Quando eu tive agora o acesso ao parecer do MP e à decisão judicial, o que nós vemos é uma salada de narrativas, inclusive, antigas e já superadas, colocadas para imputar negativamente, criminalmente, no nome da gente, sem qualquer conjunto probatório
Alexandre Ramagem, deputado federal e ex-diretor da Abin
Alexandre Ramagem foi questionado pela GloboNews sobre o motivo de a Polícia Federal ter encontrado documentos sobre a investigação, um celular e um computador da Abin no gabinete dele. O deputado disse que os papeis eram de sua gestão.
“Se houve computador que era da Abin e telefone que era da Abin, foram trocados por novos que foram devolvidos e sem utilização há mais de três anos. A prova pericial vai mostrar. Poderia devolver, mas estava ali, pensei que fosse da Polícia Federal, antigo”, afirmou.
À TV, Alexandre Ramagem declarou ter amigos na Abin e negou ter obtido informações antecipadas sobre a investigação. O parlamentar disse não ter contato com os policiais e agentes da PF que fazem a investigação sobre a “Abin Paralela”, como a estrutura tem sido chamada. “Se teve vazamento de informação, tem que ser apurado lá de dentro”, disse.
O deputado relatou que ele próprio pediu a abertura de investigação interna sobre o uso do sistema quando dirigia a Abin. Ramagem afimou que “queria padronizar o sistema e saber quem estava fazendo errado”.
O ex-comandante da Abin alegou também que “queria organizar como a ferramenta trabalhava e fizemos a auditoria específica para isso”. Segundo Ramagem, ele foi “ouvir o diretor responsável pelas senhas e pela gestão para demonstrar como funciona ou para melhor funcionar” o sistema.
“Quando se negaram a me informar como eles estavam trabalhando com a ferramenta, eu exonerei esse diretor, que era o chefe dessa ferramenta, e encaminhei todo o procedimento para a Corregedoria”, declarou.
Durante a entrevista, Alexandre Ramagem teceu críticas aos colegas de PF. Segundo o ex-diretor, todo o trabalho da Polícia foi feito com base no pedido de investigação feito por ele “lá atrás, das desconfianças que nós fizemos”.
“Agora, quando eu analiso o que foi feito aqui, essa salada de narrativas para chegar a uma incriminação, eu vejo que o Ministério Público e o Judiciário foram envolvidos por um núcleo da Polícia Federal que está querendo, sem provas, incriminar”, disse.
“O que se vê aqui é essa nova Polícia Federal, não de Estado, mas de governo, perseguidora, contra policiais que eram responsáveis pelos grandes trabalhos da gloriosa, antiga Polícia Federal.”
Currículo de promotora do caso Marielle estava no servidor
A Polícia Federal também encontrou documentos que indicam que o sistema de inteligência da Abin foi usado indevidamente para monitorar uma promotora de Justiça do Rio de Janeiro que investigou o assassinato da vereadora Marielle Franco e do motorista Anderson Gomes.
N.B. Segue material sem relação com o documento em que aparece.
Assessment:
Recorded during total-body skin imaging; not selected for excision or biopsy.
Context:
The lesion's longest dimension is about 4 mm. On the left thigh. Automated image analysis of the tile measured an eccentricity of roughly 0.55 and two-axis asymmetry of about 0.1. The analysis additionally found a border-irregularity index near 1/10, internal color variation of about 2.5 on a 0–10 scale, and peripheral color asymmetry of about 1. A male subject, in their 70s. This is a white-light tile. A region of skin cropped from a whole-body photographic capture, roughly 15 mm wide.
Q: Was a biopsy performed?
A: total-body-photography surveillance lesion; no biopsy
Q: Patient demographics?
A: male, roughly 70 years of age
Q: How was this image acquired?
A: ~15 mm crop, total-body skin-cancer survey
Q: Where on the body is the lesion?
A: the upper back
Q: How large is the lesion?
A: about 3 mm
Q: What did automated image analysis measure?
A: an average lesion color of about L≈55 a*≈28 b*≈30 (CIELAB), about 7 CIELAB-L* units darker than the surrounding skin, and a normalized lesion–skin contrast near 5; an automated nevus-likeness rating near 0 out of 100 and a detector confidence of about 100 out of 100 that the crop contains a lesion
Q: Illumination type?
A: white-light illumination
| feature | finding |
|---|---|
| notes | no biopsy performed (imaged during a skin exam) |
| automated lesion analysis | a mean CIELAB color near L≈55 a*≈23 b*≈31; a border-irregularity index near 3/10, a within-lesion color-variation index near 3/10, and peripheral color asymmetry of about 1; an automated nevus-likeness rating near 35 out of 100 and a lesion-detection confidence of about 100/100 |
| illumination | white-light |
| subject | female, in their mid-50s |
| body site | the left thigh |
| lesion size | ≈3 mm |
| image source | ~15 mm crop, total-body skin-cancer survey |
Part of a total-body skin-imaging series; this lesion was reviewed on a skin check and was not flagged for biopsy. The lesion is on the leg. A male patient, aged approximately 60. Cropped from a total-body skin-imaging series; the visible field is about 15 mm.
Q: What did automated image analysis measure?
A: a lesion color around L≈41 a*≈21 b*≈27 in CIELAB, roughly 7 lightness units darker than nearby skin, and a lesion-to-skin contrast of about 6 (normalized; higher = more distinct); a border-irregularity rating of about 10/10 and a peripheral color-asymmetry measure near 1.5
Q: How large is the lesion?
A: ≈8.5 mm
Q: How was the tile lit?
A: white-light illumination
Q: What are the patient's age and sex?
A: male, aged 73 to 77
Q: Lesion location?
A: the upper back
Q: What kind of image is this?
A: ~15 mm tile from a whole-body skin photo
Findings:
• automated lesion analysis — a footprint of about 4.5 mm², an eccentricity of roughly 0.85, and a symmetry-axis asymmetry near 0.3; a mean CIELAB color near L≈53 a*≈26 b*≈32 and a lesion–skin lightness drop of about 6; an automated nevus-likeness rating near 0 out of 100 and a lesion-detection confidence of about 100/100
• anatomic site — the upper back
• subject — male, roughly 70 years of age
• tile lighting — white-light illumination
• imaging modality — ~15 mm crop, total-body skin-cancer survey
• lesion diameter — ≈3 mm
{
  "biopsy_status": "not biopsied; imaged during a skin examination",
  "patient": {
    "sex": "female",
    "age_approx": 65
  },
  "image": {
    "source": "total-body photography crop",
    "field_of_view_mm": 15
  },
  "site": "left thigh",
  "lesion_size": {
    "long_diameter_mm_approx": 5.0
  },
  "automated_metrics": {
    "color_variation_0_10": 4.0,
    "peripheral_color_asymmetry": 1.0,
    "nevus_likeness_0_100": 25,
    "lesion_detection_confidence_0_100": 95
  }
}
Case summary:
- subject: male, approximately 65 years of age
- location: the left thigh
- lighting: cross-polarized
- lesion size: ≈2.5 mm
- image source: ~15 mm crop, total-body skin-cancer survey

Um currículo da promotora teria sido achado na Abin.
“Verifiquei que não tem nada a ver com o sistema. É um currículo da promotora e parece que uma informação que circulou aí”, alegou. “A inteligência é coleta de dados e informações. Se tem no servidor e eu não sei quem acessou, tem que verificar a Polícia Federal quem alimentou, quem retirou, quem colocou, quem é a pessoa que botou o currículo da promotora e perguntar a essa pessoa o porquê.”